Barrington Hills Village President Martin McLaughlin

"However I would prefer a 15 percent reduction from all taxing bodies that make up our property tax bills – school districts, townships, community colleges, library districts, fire districts, abatement districts and others," he said. " Elected and appointed officials need to understand that Illinois taxpayers are in serious trouble. We are declining in population as people give up and move out of our state."  

In most instances, Illinois probably doesn't need township governments, McLaughlin said. "Their services could be absorbed by the municipalities," he said.

McLaughlin, an investment manager who was chairman and vice chairman of the Barrington Area Council of Governments in 2015 and 2016, was re-elected in April to a second term as Barrington Hills village president, defeating challenger Louis Iacovelli.

Starting in late October, a series of amendments were added to Senate Bill 851, including  an amendment that would implement a two-year property tax freeze for Cook, Lake, McHenry, Kane, DuPage and Will counties while other counties in the state would be left to freeze property taxes via voter referendum.

"This would mean for those townships/road districts in those counties, this year and next year, your extension limitation would be zero percent unless voters approve an increase," Bryan Smith, executive director of Township Officials of Illinois, said in a legislative alert.
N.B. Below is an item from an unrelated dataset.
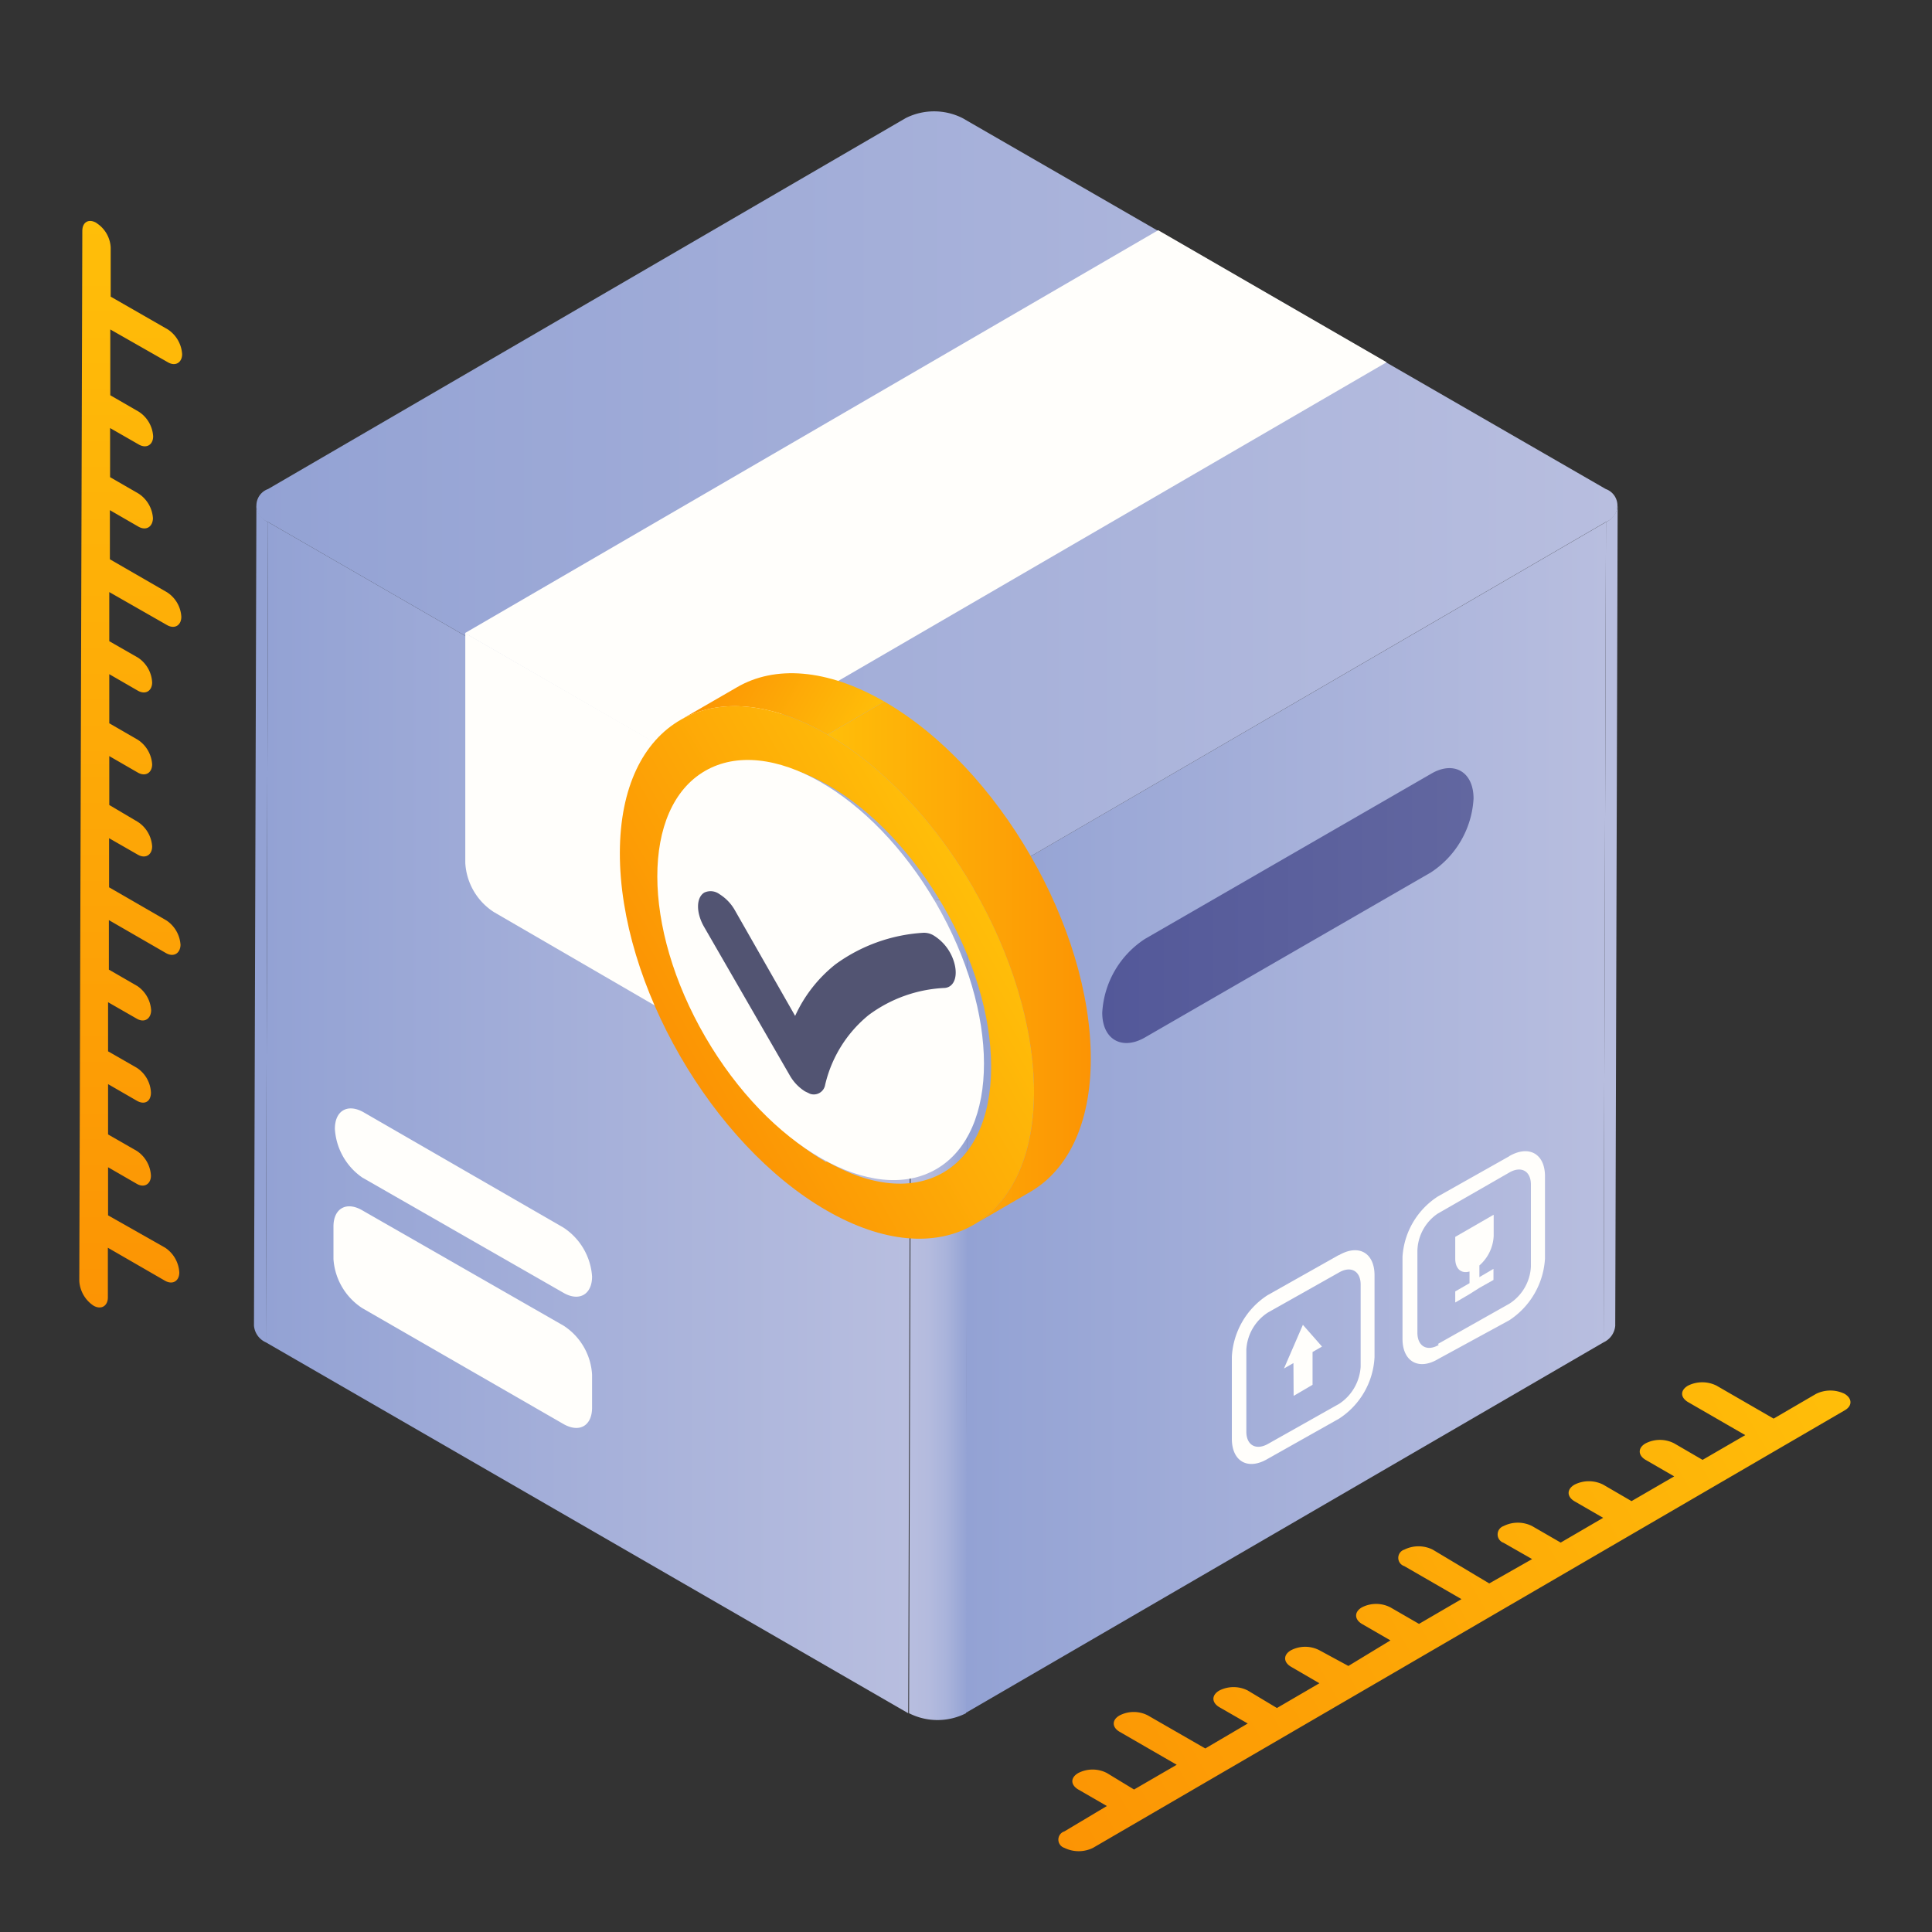 <svg xmlns="http://www.w3.org/2000/svg" xmlns:xlink="http://www.w3.org/1999/xlink" viewBox="0 0 96 96"><rect x="0" y="0" width="96" height="96" fill="#333333" stroke="none"/><defs><style>.cls-1{fill:#b8bedf;}.cls-2{fill:#93a2d4;}.cls-3{fill:url(#linear-gradient);}.cls-4{fill:url(#linear-gradient-2);}.cls-5{fill:url(#linear-gradient-3);}.cls-6{fill:url(#linear-gradient-4);}.cls-7{fill:#fffefb;}.cls-8{fill:url(#linear-gradient-5);}.cls-9{fill:url(#linear-gradient-6);}.cls-10{fill:url(#linear-gradient-7);}.cls-11{fill:url(#linear-gradient-8);}.cls-12{fill:url(#linear-gradient-9);}.cls-13{fill:#525472;}.cls-14{fill:url(#linear-gradient-10);}</style><linearGradient id="linear-gradient" x1="47.96" y1="55.54" x2="79.8" y2="55.54" gradientUnits="userSpaceOnUse"><stop offset="0" stop-color="#93a2d4"></stop><stop offset="1" stop-color="#b8bedf"></stop></linearGradient><linearGradient id="linear-gradient-2" x1="13.21" y1="55.53" x2="45.25" y2="55.53" xlink:href="#linear-gradient"></linearGradient><linearGradient id="linear-gradient-3" x1="45.13" y1="64.92" x2="48.08" y2="64.92" gradientUnits="userSpaceOnUse"><stop offset="0" stop-color="#b8bedf"></stop><stop offset="0.34" stop-color="#b4bbde"></stop><stop offset="0.65" stop-color="#a9b3db"></stop><stop offset="0.95" stop-color="#97a5d5"></stop><stop offset="1" stop-color="#93a2d4"></stop></linearGradient><linearGradient id="linear-gradient-4" x1="12.74" y1="25.12" x2="80.38" y2="25.12" xlink:href="#linear-gradient"></linearGradient><linearGradient id="linear-gradient-5" x1="54.77" y1="45" x2="73.22" y2="45" gradientUnits="userSpaceOnUse"><stop offset="0" stop-color="#535899"></stop><stop offset="1" stop-color="#6267a0"></stop></linearGradient><linearGradient id="linear-gradient-6" x1="51.89" y1="90.25" x2="90.89" y2="67.74" gradientUnits="userSpaceOnUse"><stop offset="0" stop-color="#fc9404"></stop><stop offset="1" stop-color="#ffbe09"></stop></linearGradient><linearGradient id="linear-gradient-7" x1="6.5" y1="64.97" x2="6.5" y2="10.98" xlink:href="#linear-gradient-6"></linearGradient><linearGradient id="linear-gradient-8" x1="35.27" y1="33.24" x2="42.48" y2="37.4" xlink:href="#linear-gradient-6"></linearGradient><linearGradient id="linear-gradient-9" x1="33.82" y1="52.52" x2="48.36" y2="44.12" xlink:href="#linear-gradient-6"></linearGradient><linearGradient id="linear-gradient-10" x1="41.12" y1="47.86" x2="54.2" y2="47.86" gradientUnits="userSpaceOnUse"><stop offset="0" stop-color="#ffbe09"></stop><stop offset="1" stop-color="#fc9404"></stop></linearGradient></defs><g id="Layer_7" data-name="Layer 7"><path class="cls-1" d="M80.38,25.13l-.12,40.75a1,1,0,0,1-.58.82l.12-40.76a1,1,0,0,0,.58-.81"></path><path class="cls-2" d="M13.32,25.94,13.21,66.7a1,1,0,0,1-.59-.83l.12-40.76a1,1,0,0,0,.58.83"></path><polygon class="cls-3" points="79.8 25.94 79.68 66.7 47.96 85.13 48.08 44.37 79.8 25.94"></polygon><polygon class="cls-4" points="45.25 44.37 45.13 85.13 13.21 66.7 13.32 25.94 45.25 44.37"></polygon><path class="cls-5" d="M48.08,44.37,48,85.13a3.13,3.13,0,0,1-2.83,0l.12-40.76a3.13,3.13,0,0,0,2.83,0"></path><path class="cls-6" d="M79.79,24.3a.87.87,0,0,1,0,1.64L48.08,44.37a3.13,3.13,0,0,1-2.83,0L13.32,25.94a.87.87,0,0,1,0-1.64L45,5.87a3.14,3.14,0,0,1,2.83,0Z"></path><polyline class="cls-7" points="68.9 18 57.55 11.44 23.1 31.46 34.45 38.02 68.9 18"></polyline><path class="cls-7" d="M34.46,38,23.12,31.46l0,11.41a3.11,3.11,0,0,0,1.42,2.45L33,50.23c.78.46,1.42.09,1.42-.81l0-11.41"></path><path class="cls-7" d="M28,65.87,18,60.14c-.79-.46-1.43-.09-1.43.8v1.63A3.16,3.16,0,0,0,18,65L28,70.76c.79.45,1.42.09,1.42-.82V68.31A3.11,3.11,0,0,0,28,65.87"></path><path class="cls-7" d="M28,61l-9.93-5.73c-.79-.45-1.43-.09-1.43.82A3.17,3.17,0,0,0,18,58.51L28,64.24c.78.45,1.42.08,1.42-.81A3.16,3.16,0,0,0,28,61"></path><path class="cls-8" d="M71.09,38.46,56.9,46.65a4.68,4.68,0,0,0-2.13,3.67c0,1.35,1,1.89,2.14,1.22L71.1,43.35a4.69,4.69,0,0,0,2.12-3.67c0-1.35-1-1.9-2.13-1.22"></path><path class="cls-7" d="M63,71.75c-.59.33-1.07.06-1.07-.61V67.06A2.35,2.35,0,0,1,63,65.22l3.55-2c.58-.33,1.06-.06,1.06.61l0,4.08a2.38,2.38,0,0,1-1.06,1.84l-3.55,2m3.53-9.39-3.55,2a3.89,3.89,0,0,0-1.77,3.06v4.07c0,1.13.8,1.58,1.78,1l3.55-2a3.87,3.87,0,0,0,1.76-3.06V63.37c0-1.12-.79-1.57-1.77-1"></path><polyline class="cls-7" points="64.74 65.83 63.8 68 64.27 67.73 64.28 69.36 65.22 68.81 65.22 67.18 65.69 66.91 64.74 65.83"></polyline><path class="cls-7" d="M71.49,66.83c-.59.34-1.06.06-1.06-.61V62.14a2.3,2.3,0,0,1,1-1.83L75,58.26c.59-.34,1.07-.07,1.07.6v4.08A2.33,2.33,0,0,1,75,64.78l-3.55,2M75,57.45l-3.55,2a3.85,3.85,0,0,0-1.76,3v4.08c0,1.12.8,1.58,1.77,1L75,65.6a3.94,3.94,0,0,0,1.77-3.07V58.45c0-1.12-.8-1.57-1.78-1"></path><path class="cls-7" d="M74.2,60.37l-1.89,1.09v1.08c0,.51.3.76.71.64v.58l-.71.41v.55l.7-.41L73.5,64l.71-.4v-.55l-.7.41v-.58a2.08,2.08,0,0,0,.71-1.46V60.37"></path><path class="cls-9" d="M91.66,69.26a1.61,1.61,0,0,0-1.42,0l-2.11,1.23-2.84-1.64a1.59,1.59,0,0,0-1.41,0c-.4.23-.39.59,0,.82l2.84,1.64L84.6,72.54l-1.41-.82a1.55,1.55,0,0,0-1.42,0c-.39.22-.39.59,0,.82l1.42.82-2.12,1.23-1.41-.82a1.58,1.58,0,0,0-1.42,0c-.4.23-.39.6,0,.83l1.42.82-2.11,1.23-1.42-.82a1.58,1.58,0,0,0-1.42,0,.44.44,0,0,0,0,.83l1.42.81L74,78.68,71.19,77a1.59,1.59,0,0,0-1.41,0,.43.43,0,0,0,0,.82l2.84,1.64-2.11,1.23-1.42-.82a1.55,1.55,0,0,0-1.42,0c-.38.22-.38.59,0,.82l1.42.82L67,82.78,65.56,82a1.53,1.53,0,0,0-1.41,0c-.39.22-.39.59,0,.82l1.41.82-2.11,1.23L62,84a1.56,1.56,0,0,0-1.41,0c-.4.23-.39.6,0,.83l1.41.81-2.11,1.24-2.85-1.64a1.53,1.53,0,0,0-1.41,0c-.39.22-.38.59,0,.81l2.84,1.64-2.12,1.23L55,88.1a1.55,1.55,0,0,0-1.42,0c-.4.23-.39.59,0,.82l1.42.82L52.89,91a.43.43,0,0,0,0,.82,1.61,1.61,0,0,0,1.42,0L91.66,70.08c.39-.22.38-.59,0-.82"></path><path class="cls-10" d="M4.8,11.08c-.39-.23-.71-.05-.71.4L3.94,63.65a1.59,1.59,0,0,0,.71,1.23c.39.22.71,0,.71-.41V62l2.84,1.64c.39.22.71,0,.71-.41A1.59,1.59,0,0,0,8.21,62L5.37,60.39V58l1.42.82c.39.23.71,0,.71-.4a1.57,1.57,0,0,0-.7-1.23l-1.43-.82V53.87l1.42.82c.39.23.71.05.71-.4a1.55,1.55,0,0,0-.7-1.23l-1.43-.82V49.8l1.43.82c.38.22.7,0,.71-.41A1.57,1.57,0,0,0,6.83,49l-1.42-.82V45.72l2.84,1.64c.39.22.71,0,.72-.41a1.58,1.58,0,0,0-.71-1.22L5.42,44.09V41.65l1.43.82c.39.22.71,0,.71-.41a1.57,1.57,0,0,0-.71-1.22L5.43,40V37.57l1.42.82c.39.22.71,0,.71-.41a1.58,1.58,0,0,0-.71-1.22l-1.42-.82V33.5l1.42.82c.39.22.71,0,.71-.41a1.57,1.57,0,0,0-.7-1.23l-1.43-.82V29.42L8.3,31.06c.39.22.71,0,.71-.41a1.55,1.55,0,0,0-.71-1.22L5.46,27.79V25.35l1.42.82c.39.22.71,0,.72-.42a1.58,1.58,0,0,0-.71-1.22l-1.42-.82V21.27l1.43.82c.39.22.71,0,.71-.41a1.57,1.57,0,0,0-.71-1.22l-1.42-.82V16.37L8.34,18c.39.23.71,0,.71-.4a1.59,1.59,0,0,0-.71-1.23L5.5,14.74V12.3a1.54,1.54,0,0,0-.71-1.22"></path><path class="cls-11" d="M33.8,35.78l2.82-1.63c1.87-1.09,4.46-.94,7.32.71L41.12,36.5c-2.86-1.65-5.45-1.8-7.32-.72"></path><path class="cls-12" d="M41.12,36.5c5.69,3.28,10.27,11.23,10.26,17.76s-4.64,9.16-10.32,5.88S30.79,48.91,30.8,42.38,35.44,33.22,41.12,36.5Zm-.06,21.2c4.51,2.6,8.18.5,8.19-4.67S45.62,41.55,41.12,39s-8.17-.52-8.19,4.66,3.63,11.48,8.13,14.09"></path><ellipse class="cls-7" cx="41.09" cy="48.32" rx="6.66" ry="11.5" transform="matrix(0.86, -0.5, 0.5, 0.86, -18.72, 27.19)"></ellipse><path class="cls-13" d="M46.42,46.5a2.34,2.34,0,0,1,.93,1.14c.29.76.11,1.4-.4,1.45a6.85,6.85,0,0,0-3.79,1.35A6.31,6.31,0,0,0,41,53.91a.57.57,0,0,1-.75.44L40,54.23a2.26,2.26,0,0,1-.76-.8L35,46.08c-.42-.71-.42-1.48,0-1.73a.74.74,0,0,1,.75.08,2.23,2.23,0,0,1,.76.79l3,5.26a6.93,6.93,0,0,1,2-2.56,8.25,8.25,0,0,1,4.36-1.57A.92.92,0,0,1,46.42,46.5Z"></path><path class="cls-14" d="M41.12,36.5l2.82-1.64c5.69,3.28,10.27,11.23,10.26,17.76,0,3.25-1.16,5.53-3,6.6l-2.82,1.64c1.84-1.07,3-3.36,3-6.6,0-6.53-4.57-14.48-10.26-17.76"></path></g></svg>

"In all other counties outside of Cook and the collar counties, the amendment, if passed, would allow a county board to place a referendum on the ballot in 2018 to have a property tax freeze for all local governments within that county for 2018 and 2019; or whether to have all local governments within the county subject to a property tax freeze for 2018 and 2019 and then subject to the Property Tax Extension Limitation Law (PTELL) for levy year 2020 and thereafter," the alert said.

The amendment was approved by the House, but was not brought up for a vote in the Senate before the veto session ended.

While that amendment did not pass, voters need to take note of their taxation situation and who is it they are sending to Springfield, McLaughlin said. "Voters need to wake up and stop electing the same old ‘do nothing’ lobbyists and professional politicians," he said.

"The dirtier the game becomes to get elected, the more qualified decent candidates with actual private marketplace experience will avoid entering the political arena. Only those who want the jobs too much or need the jobs will apply and they will be controlled, beholden and manipulated by those who control the political donation purse strings on both sides," he said.